MassiveWordVec

Package for classes to split extremely large sets of docs into multiple files and convert them word vector embeddings


Keywords
embedding-python, embedding-vectors, large-dataset, pymagnitude, python3, wordvectors
License
Other
Install
pip install MassiveWordVec==11

Documentation

#BELOW IS OUTDATED AND DEPRECATED. NEW FUNCTIONALITY ADDED AND USE CHANGED #WILL UPDATE WHEN I GET TIME.

MassiveWordVec

massvecpy is a package for converting a large corpus into word embeddings using pre-trained word vectors. Corpora that consistent of an array, list, or DataFrame of tokenized docs with shape-(num_docs,) are converted into an array of shape-(num_docs, max_doc_length, vector_dimensions).

Corpora that are too large to store the entire word embedding matrix into memory can be turned into a series of n - 'slices' with shape-(num_docs/num_slices, max_doc_length, vector_dimensions). These slices are saved to local harddrive to save memory and loaded into your program individually (or multiple together if memory allows) for use as mini-batch to train models.

Corpora can be sliced, converted, and saved with or without training labels. With training labels, both corpus and labels are shuffled together and sliced into corresponding matrices that are automatically saved and loaded together.

This package currently only provides support for pymagnitude pre-trained word vectors. If you have a suggestion for word vecs in other packages, please let me know.

Installation

Use the package manager pip to install MassiveWordVec.

pip install massvecpy

Usage

import massvecpy
import pymagnitude

#Load your pretrained word vectors from pymagnitude
vector_directory = '~/Word Embeddings/'
vector_dict = mag.Magnitude(vector_directory+'glove.6B.200d.magnitude')

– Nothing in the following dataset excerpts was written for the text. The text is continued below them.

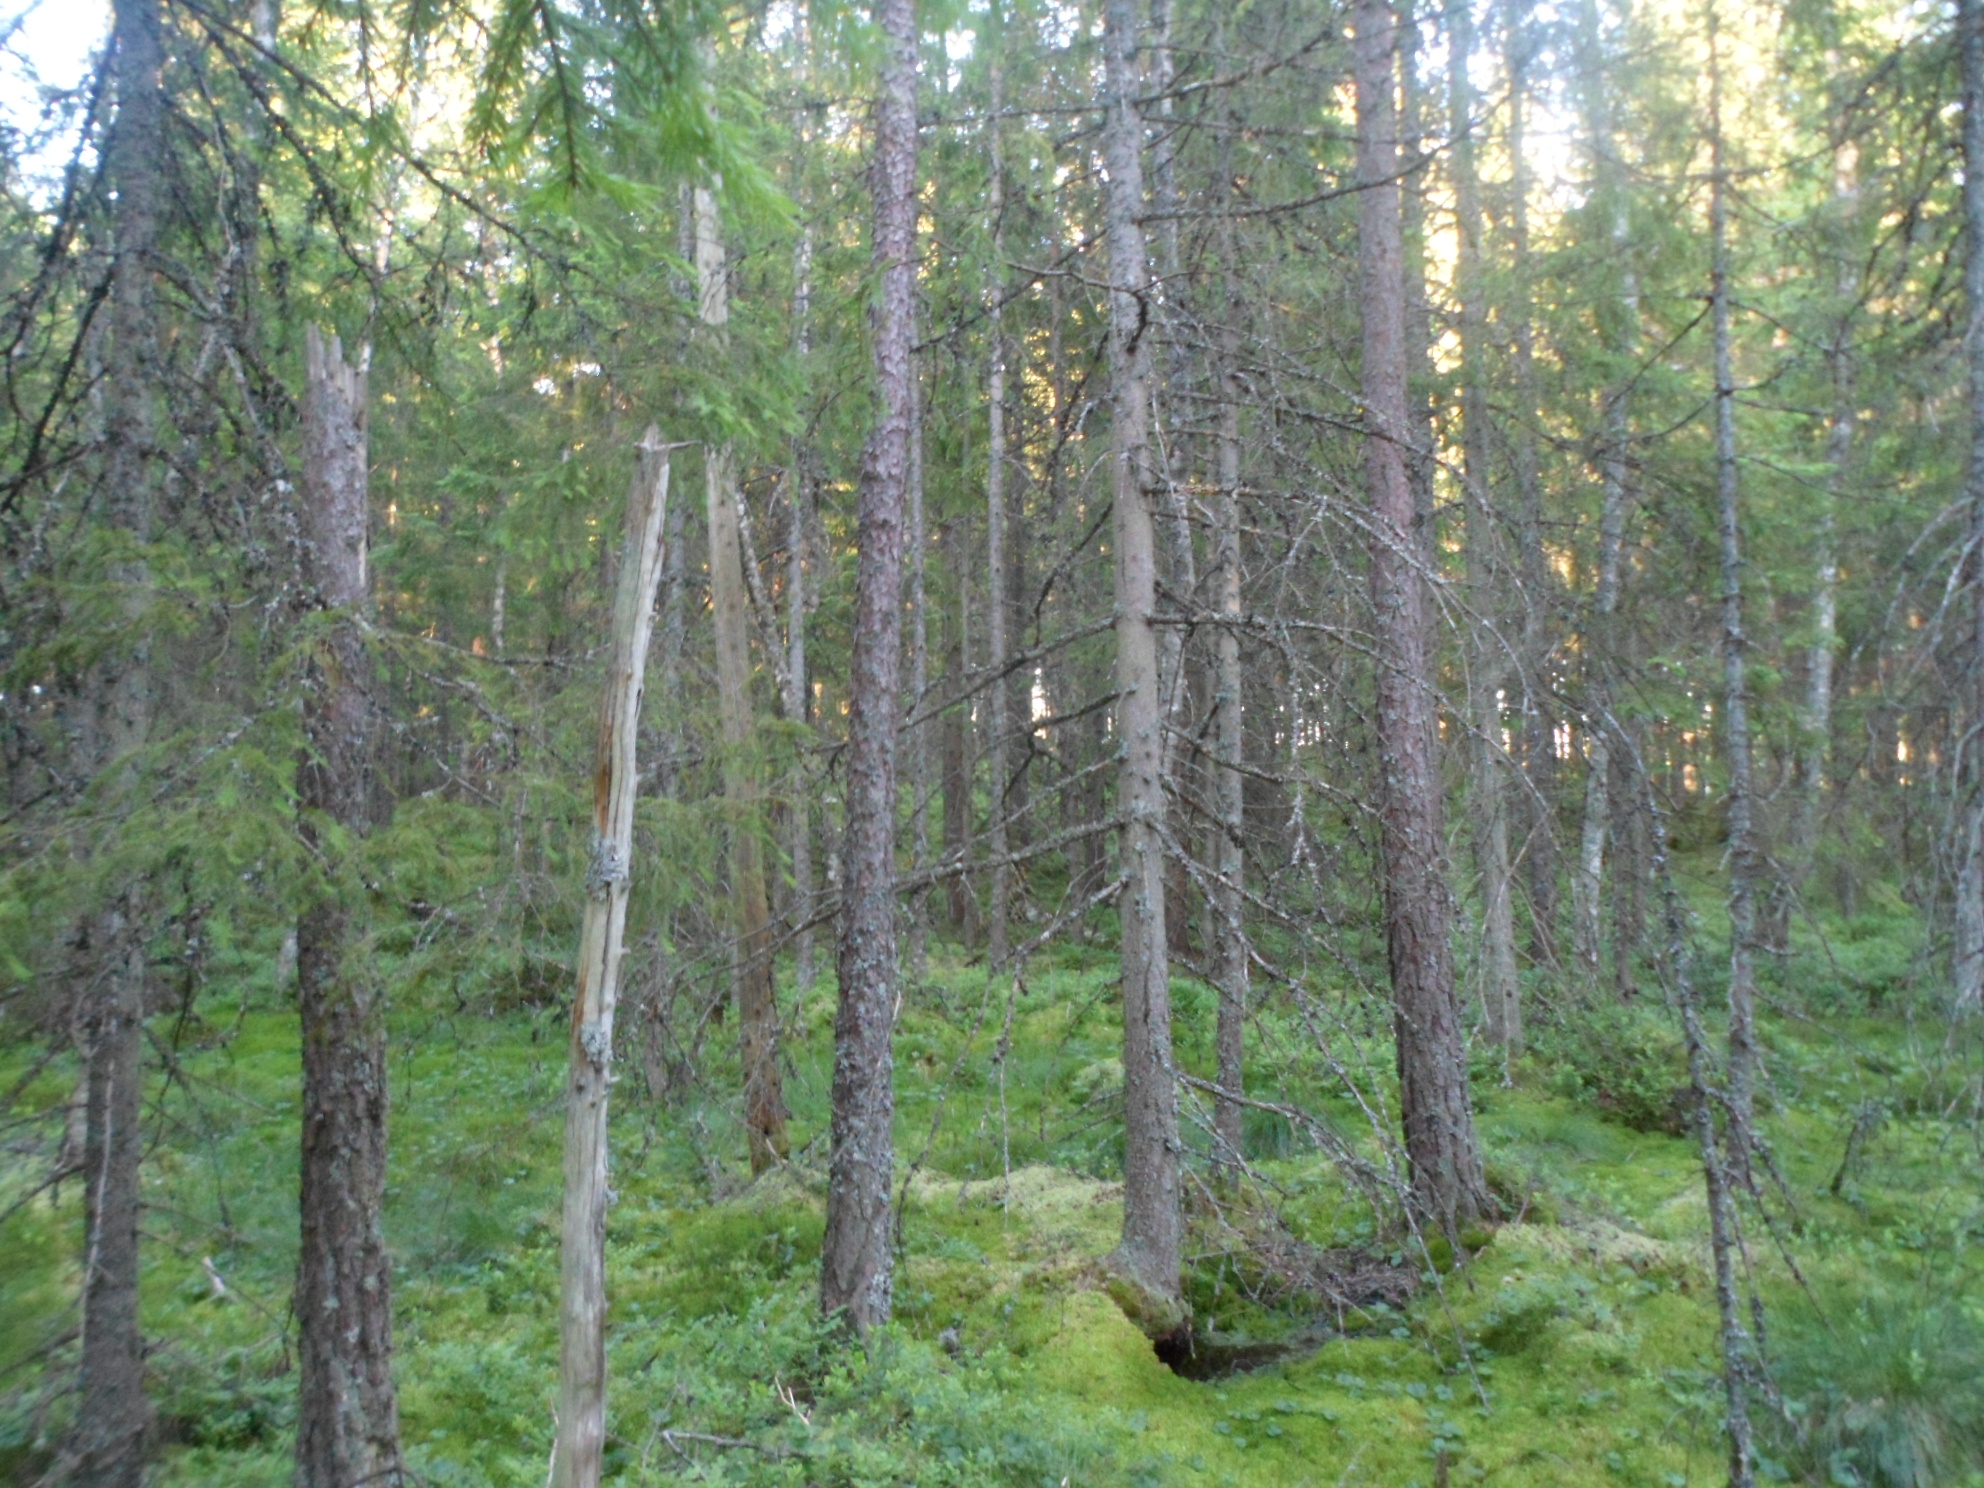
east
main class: Woodland
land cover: Pine dominated coniferous woodland
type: boreal forest
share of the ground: 50 - 75 %
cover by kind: coniferous forest trees 50 %, lichens and mosses 25 %, broadleaved forest trees 10 %, shrubs 10 %, herbaceous plants 5 %
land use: Forestry
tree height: > 5 m
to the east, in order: Pine dominated coniferous woodland; Spruce dominated coniferous woodland; Broadleaved woodland; Spruce dominated mixed woodland
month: July
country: SE
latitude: 57.5164
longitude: 14.4197
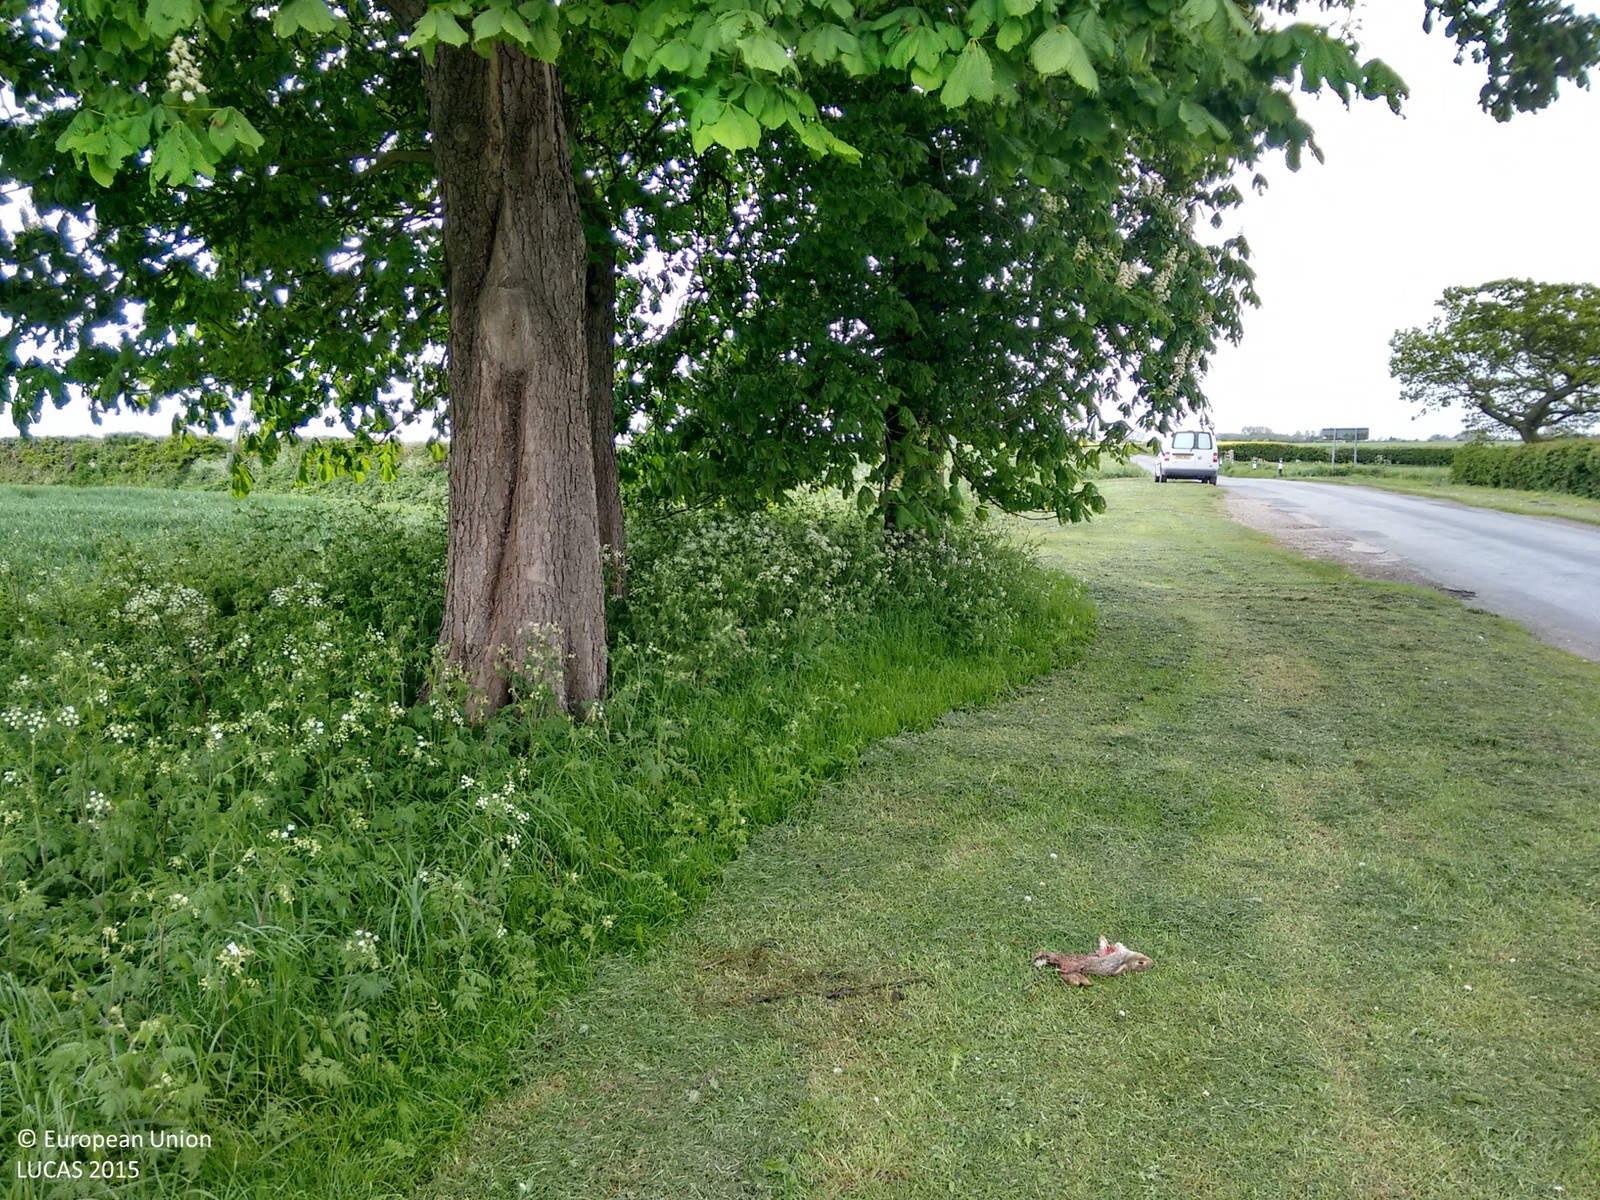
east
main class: Cropland
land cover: Common wheat
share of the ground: > 75 %
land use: Agriculture (excluding fallow land and kitchen gardens)
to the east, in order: Common wheat
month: May
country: GB
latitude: 53.7919
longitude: -0.1274
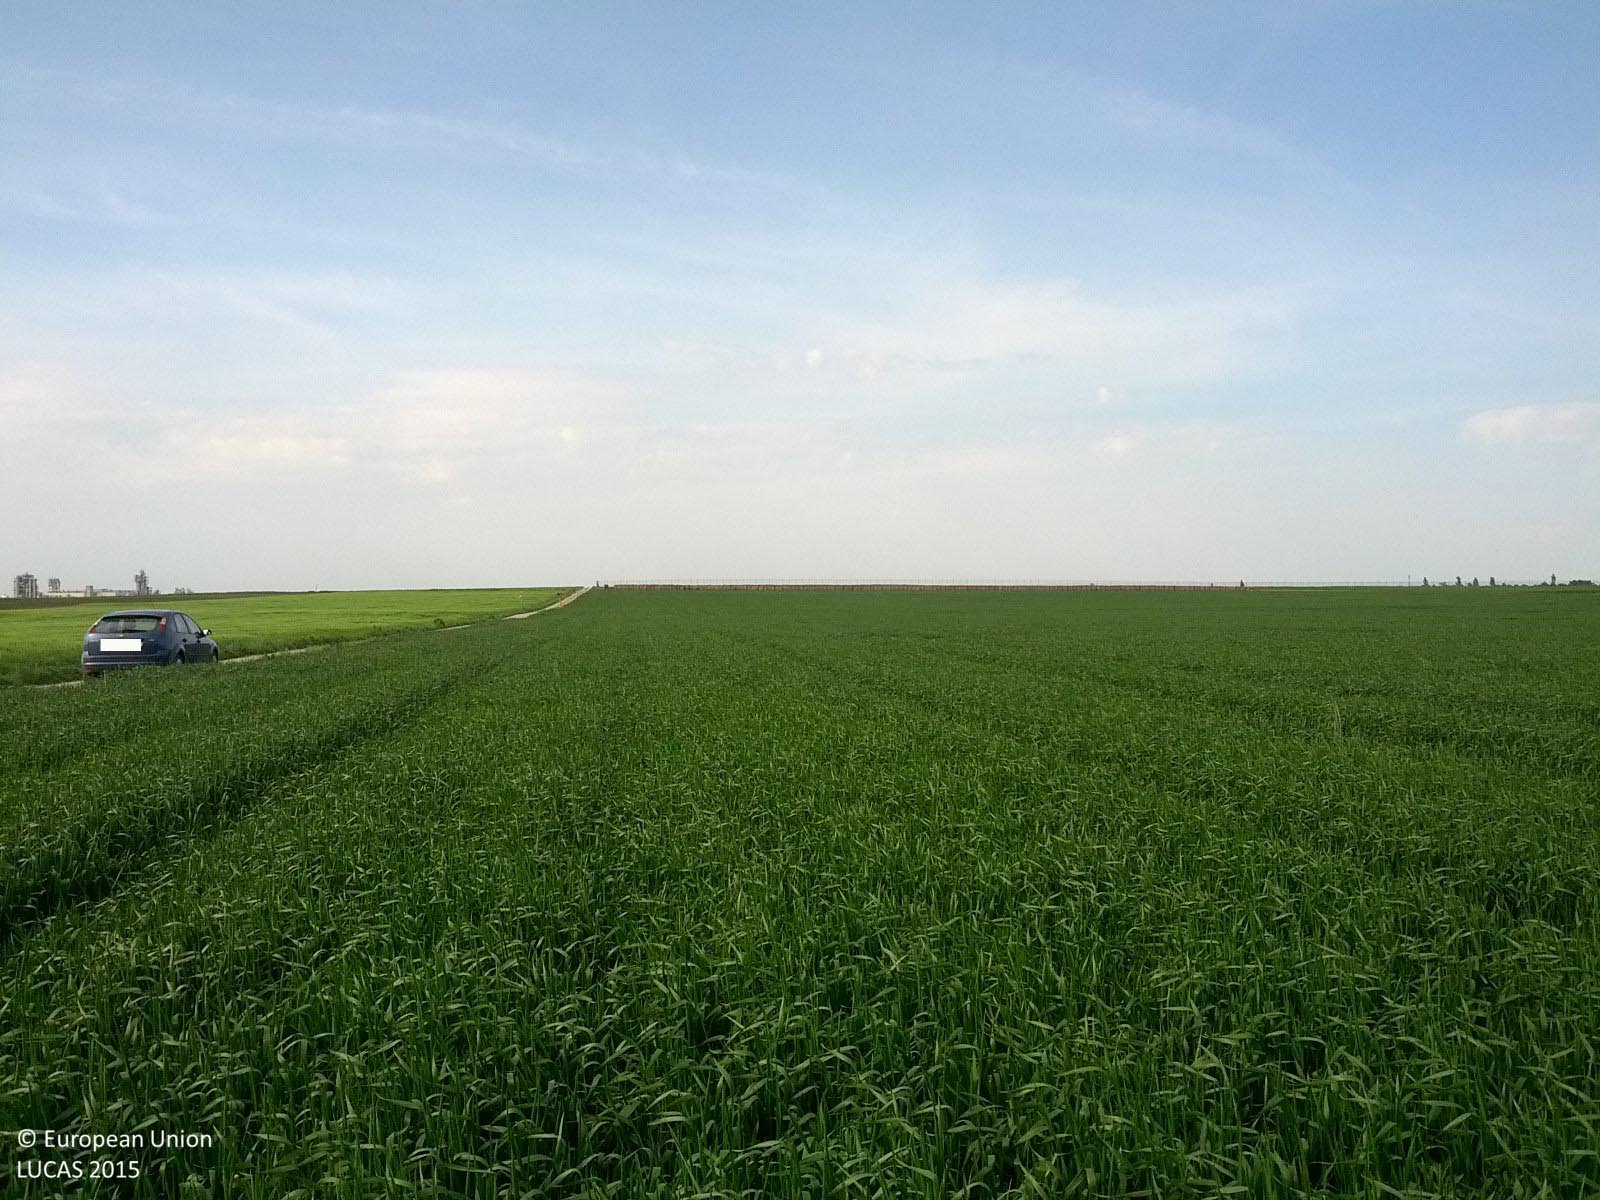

#Define the corpus to split and convert.
#If entire corpus embedding matrix can fit in memory then leave
#the number of slices at 1.
corpus = massvecpy.DocVectorizer(corpus_name, tokenized_corpus, labels, vector_dict,
         vector_dimension, number_of_slices, file_directory, random_state)

#convert slice 0 to word embedding matrix with associated labels
x, y = corpus.fit(0, verbose = True)

#save slice 0 to harddrive
corpus.save()

#define and fit a model (can be anything, most useful to use model that allows mini-batch training)
clf = Model()
clf.fit(x, y)

#convert the rest of the slices and save them to their own files.  Provide updates to track process.
corpus.fit_and_save(range(1, number_of_slices), verbose - True)

#clear currently stored embeddings from memory
corpus.clear_memory()

#************

corpus = massvecpy.LoadVectorizedDoc(corpus_name, file_directory)

#load first slice (0) into local arrays
x, y = corpus.load(0)

#figure out the dimensions of our slices
num_docs_in_slice = x.shape[0]
max_length = x.shape[1]
vec_dims = x.shape[2]

#alternatively, process all slices in current file directory with name corpus_name
clf = SGDClassifier(loss='log')

for i in corpus.all_indices_available:
     x, y = corpus.load(index)
     x_f = np.reshape(x, (num_docs_in_slice, max_length * vec_dims))
     clf.partial_fit(x_f, y, [0, 1])

Future Plans

In the future I will build support for just generating a word vector lookup dictionary for all (or some specified number of) words in the corpus. Additionally, plan to use this dictionary to generate matrix embeddings in the format Keras uses to load weights into an embedding layer.

License

None brah